(Records provided Opens)

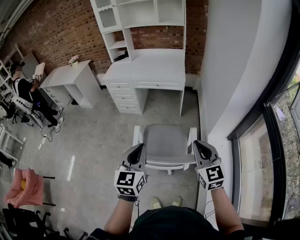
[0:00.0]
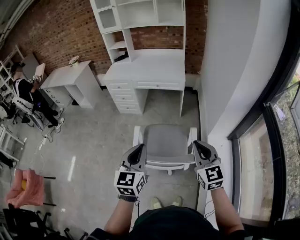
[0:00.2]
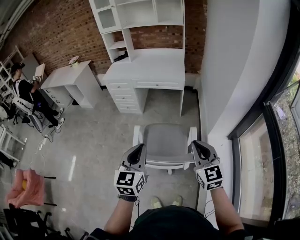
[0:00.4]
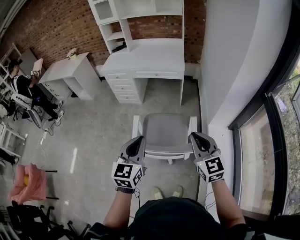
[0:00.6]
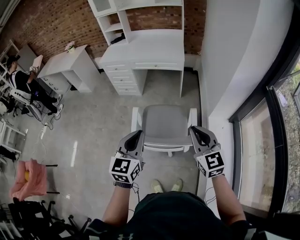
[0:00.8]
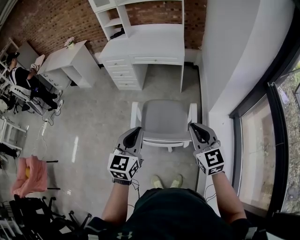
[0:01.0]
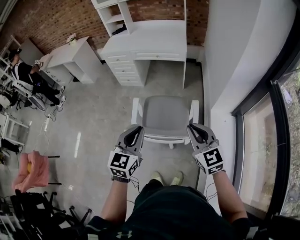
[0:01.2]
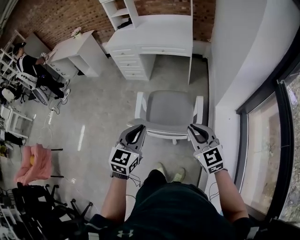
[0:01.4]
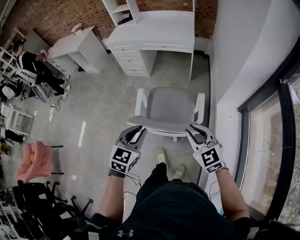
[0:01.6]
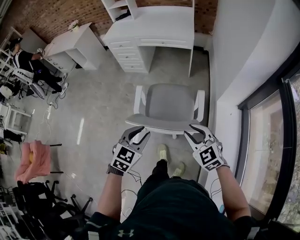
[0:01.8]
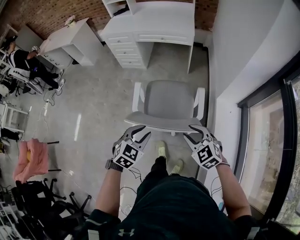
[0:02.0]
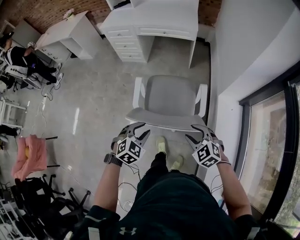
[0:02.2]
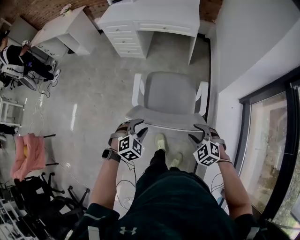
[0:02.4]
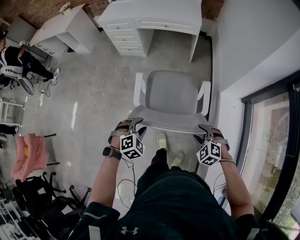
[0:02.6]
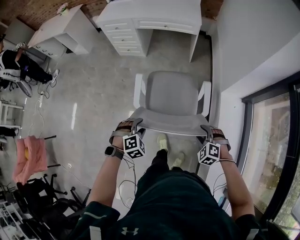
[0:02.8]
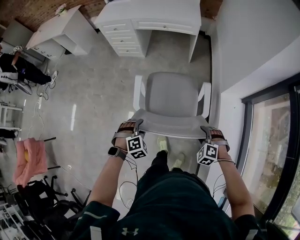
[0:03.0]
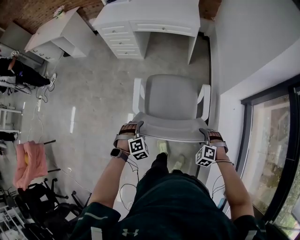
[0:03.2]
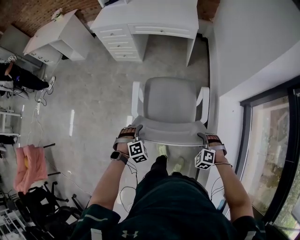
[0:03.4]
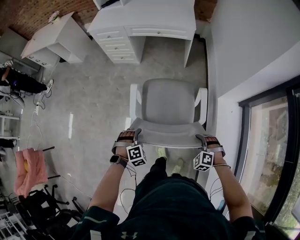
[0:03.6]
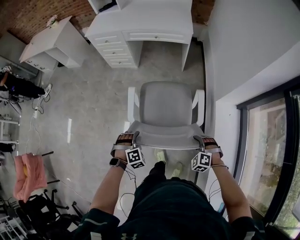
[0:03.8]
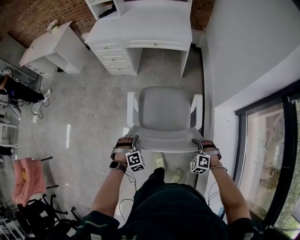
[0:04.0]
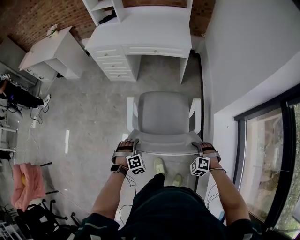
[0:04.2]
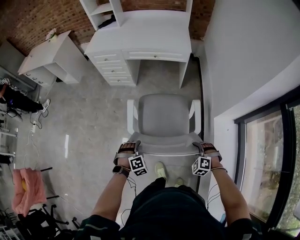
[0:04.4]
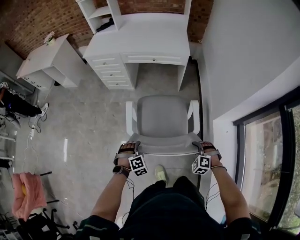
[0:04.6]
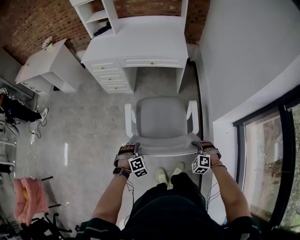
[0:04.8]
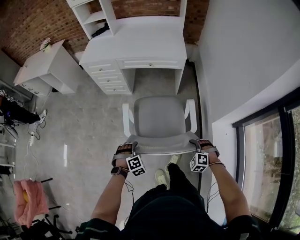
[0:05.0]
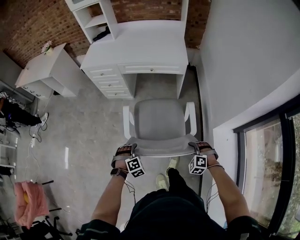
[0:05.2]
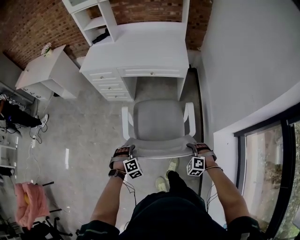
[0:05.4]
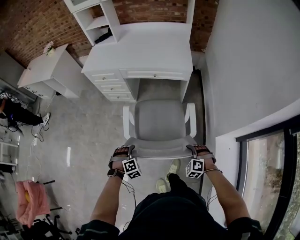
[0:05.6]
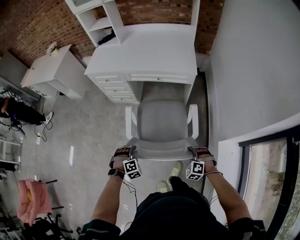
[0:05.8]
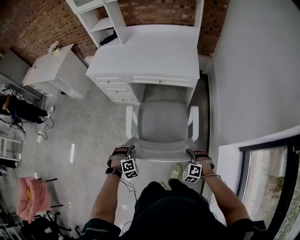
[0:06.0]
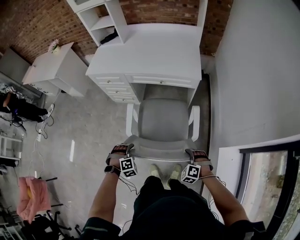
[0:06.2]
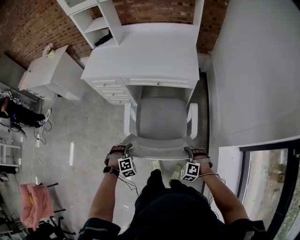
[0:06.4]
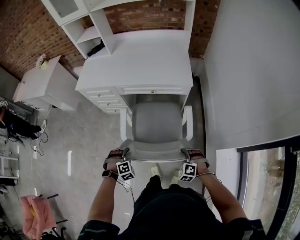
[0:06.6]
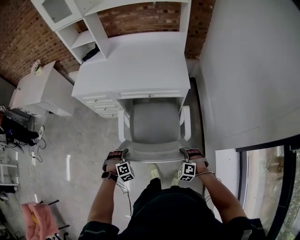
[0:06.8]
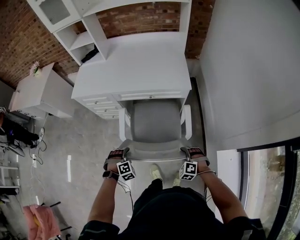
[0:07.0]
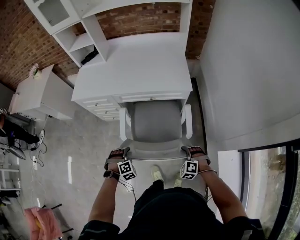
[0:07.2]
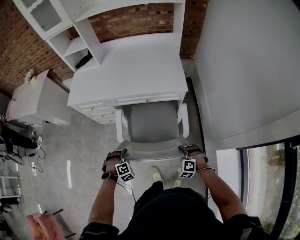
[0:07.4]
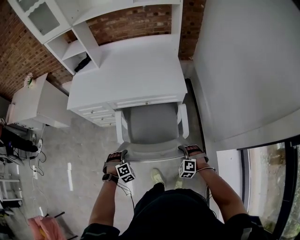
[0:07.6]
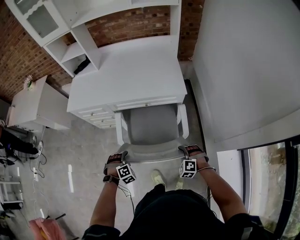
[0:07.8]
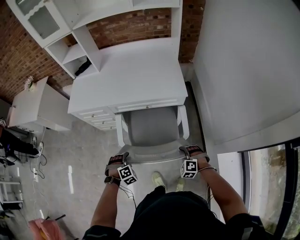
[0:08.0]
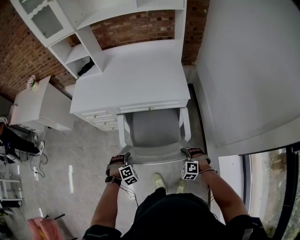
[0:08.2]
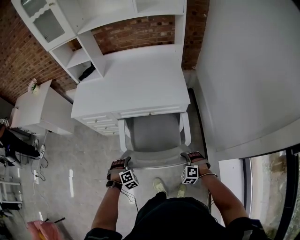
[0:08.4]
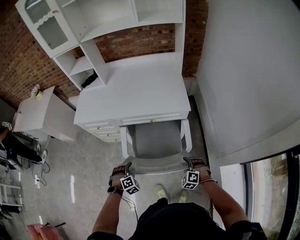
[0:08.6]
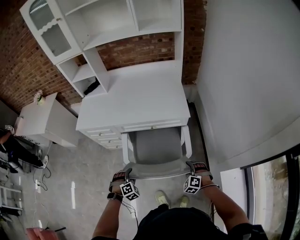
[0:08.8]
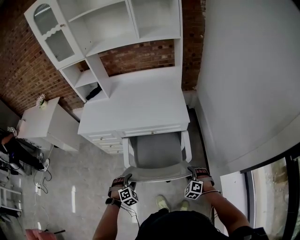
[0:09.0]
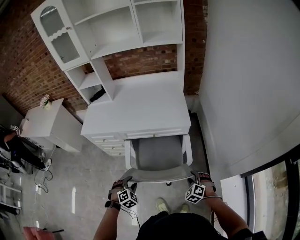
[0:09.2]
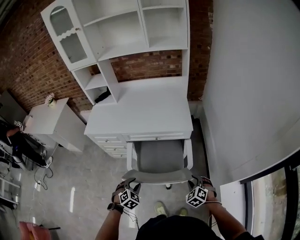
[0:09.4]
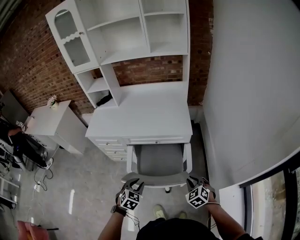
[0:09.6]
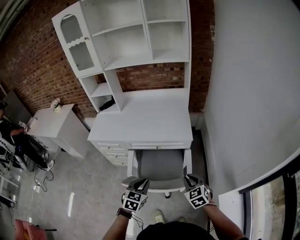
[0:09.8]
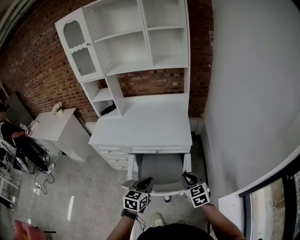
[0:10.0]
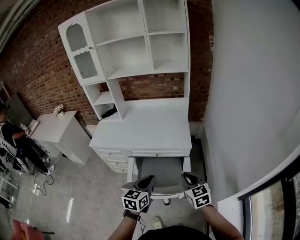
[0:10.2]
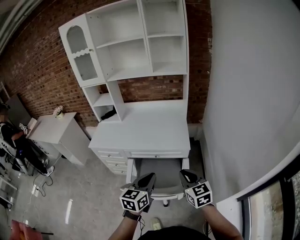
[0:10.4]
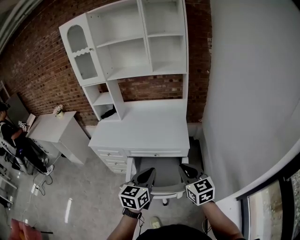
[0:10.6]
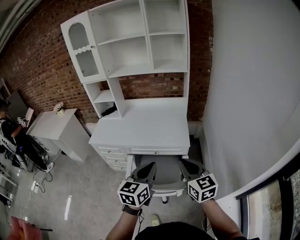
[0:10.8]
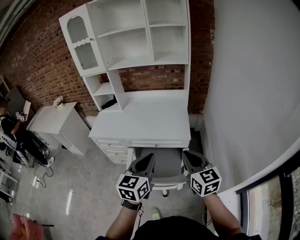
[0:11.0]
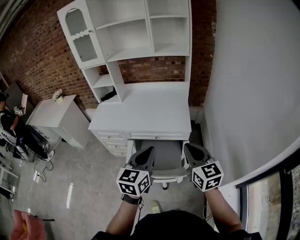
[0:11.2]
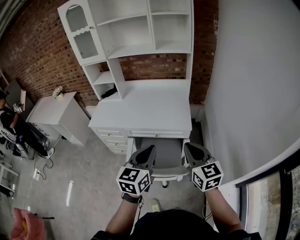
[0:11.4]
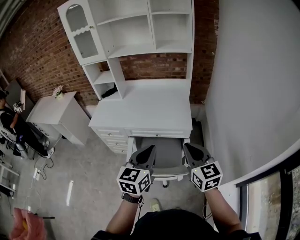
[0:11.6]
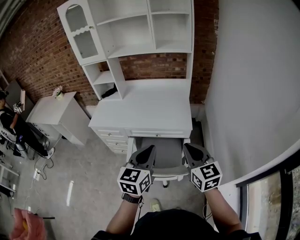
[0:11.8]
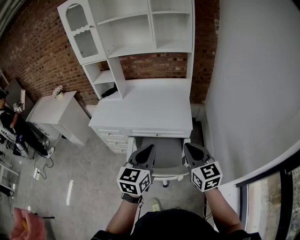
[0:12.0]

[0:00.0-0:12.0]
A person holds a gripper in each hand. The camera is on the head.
0:00.0 to 0:01.6: Both grippers travel together downward, roughly 10 cm. The right gripper changes its angle by roughly 20 degrees, while the left gripper turns by about 20 degrees.
0:01.6 to 0:03.0: Both grippers move downward, roughly 25 cm. The left gripper points its fingers approximately 40 degrees further downward, and opens up. The right gripper tilts its fingers roughly 40 degrees downward, and opens its fingers.
0:03.0 to 0:04.4: Both grippers travel together forward, roughly 10 cm. The right gripper closes.
0:04.4 to 0:06.0: Both grippers travel together forward, about 20 cm.
0:06.0 to 0:07.6: Both grippers move forward, about 20 cm.
0:07.6 to 0:09.0: The left gripper opens up. The right gripper opens its fingers.
0:09.0 to 0:10.4: The left gripper goes approximately 35 cm upward and to the right, tips its fingers upward by about 40 degrees, and closes its fingers; the right gripper moves upward, about 30 cm, angles its fingers upward, by roughly 30 degrees, and closes.
0:10.4 to 0:12.0: Both grippers travel together upward, approximately 5 cm.

(Records provided Closes)

● Task objective
All entries must be output unchanged, with every picture omitted.

● Result
[0:00.0]
[0:00.2]
[0:00.4]
[0:00.6]
[0:00.8]
[0:01.0]
[0:01.2]
[0:01.4]
[0:01.6]
[0:01.8]
[0:02.0]
[0:02.2]
[0:02.4]
[0:02.6]
[0:02.8]
[0:03.0]
[0:03.2]
[0:03.4]
[0:03.6]
[0:03.8]
[0:04.0]
[0:04.2]
[0:04.4]
[0:04.6]
[0:04.8]
[0:05.0]
[0:05.2]
[0:05.4]
[0:05.6]
[0:05.8]
[0:06.0]
[0:06.2]
[0:06.4]
[0:06.6]
[0:06.8]
[0:07.0]
[0:07.2]
[0:07.4]
[0:07.6]
[0:07.8]
[0:08.0]
[0:08.2]
[0:08.4]
[0:08.6]
[0:08.8]
[0:09.0]
[0:09.2]
[0:09.4]
[0:09.6]
[0:09.8]
[0:10.0]
[0:10.2]
[0:10.4]
[0:10.6]
[0:10.8]
[0:11.0]
[0:11.2]
[0:11.4]
[0:11.6]
[0:11.8]
[0:12.0]

[0:00.0-0:12.0]
A person holds a gripper in each hand. The camera is on the head.
0:00.0 to 0:01.6: Both grippers travel together downward, roughly 10 cm. The right gripper changes its angle by roughly 20 degrees, while the left gripper turns by about 20 degrees.
0:01.6 to 0:03.0: Both grippers move downward, roughly 25 cm. The left gripper points its fingers approximately 40 degrees further downward, and opens up. The right gripper tilts its fingers roughly 40 degrees downward, and opens its fingers.
0:03.0 to 0:04.4: Both grippers travel together forward, roughly 10 cm. The right gripper closes.
0:04.4 to 0:06.0: Both grippers travel together forward, about 20 cm.
0:06.0 to 0:07.6: Both grippers move forward, about 20 cm.
0:07.6 to 0:09.0: The left gripper opens up. The right gripper opens its fingers.
0:09.0 to 0:10.4: The left gripper goes approximately 35 cm upward and to the right, tips its fingers upward by about 40 degrees, and closes its fingers; the right gripper moves upward, about 30 cm, angles its fingers upward, by roughly 30 degrees, and closes.
0:10.4 to 0:12.0: Both grippers travel together upward, approximately 5 cm.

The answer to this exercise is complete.